5) You are incredibly stronger than you realize.


Simply put, you have no choice but to be strong. Even when you don’t feel like it, trust me you are. After my fourth loss I began to feel kind of numb. I was able to talk about my experience with someone who had their first loss. She was at the end of her rope. She could not fathom having to go through her experience four times over, like I did. I was able to give her advice as best as I could, but ultimately it was up to her to make healthy choices for herself. Most of my friends have stopped trying to conceive after one loss. I’m kind of surprised how easily people give up, but each person needs to decide for themselves where their limit is. I keep pushing my “limit” further and further each time. I thought my world was coming to an end after my first loss. I told myself I’d stop trying after three.

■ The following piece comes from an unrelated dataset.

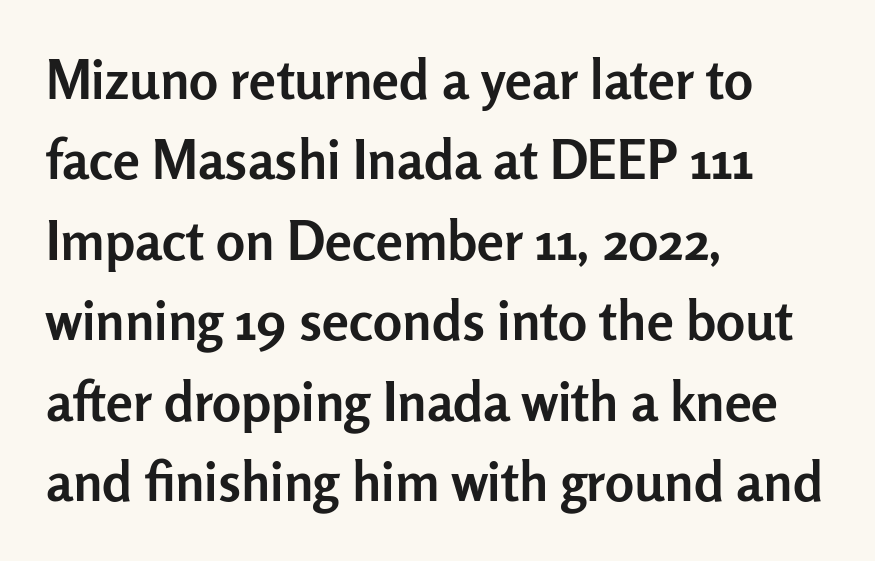
The image shows 54 px semibold sans-serif type, upright; set left-aligned, normal line spacing (1.49x), normal letter spacing, not underlined; low stroke contrast and a medium x-height.
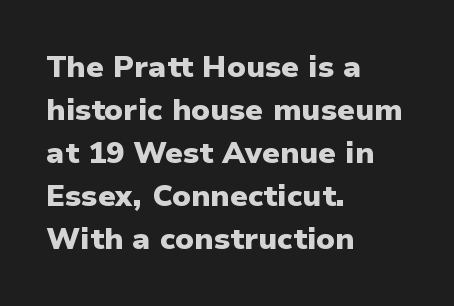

Here I am after my fourth loss and I am trying IVF here in the next few weeks. You have to live moment by moment in a way. Looking too far ahead is just too damn hard, and something you don’t have control over. All you can control is your next decision, even within a single day. Whether it’s a simple task like the blood draw you need to do that day, or the one shot you need to inject for IVF that day, focusing on the one thing you need to do in a day that brings you closer to your goal is the best way to get where you want to be. Bite-sized plans only for today are much more manageable than trying to plan out your entire future family tree, because God could always throw a wrench into your plans anyway. One day at a time will help you to feel more in control and will help you to look back and see you are incredibly stronger than you realize.


I would love to hear the lessons you have learned through your infertility/pregnancy loss experience. What advice would you give your good friend who is just starting on their journey? What are your most helpful coping skills you use that work for you? Thank you for reading.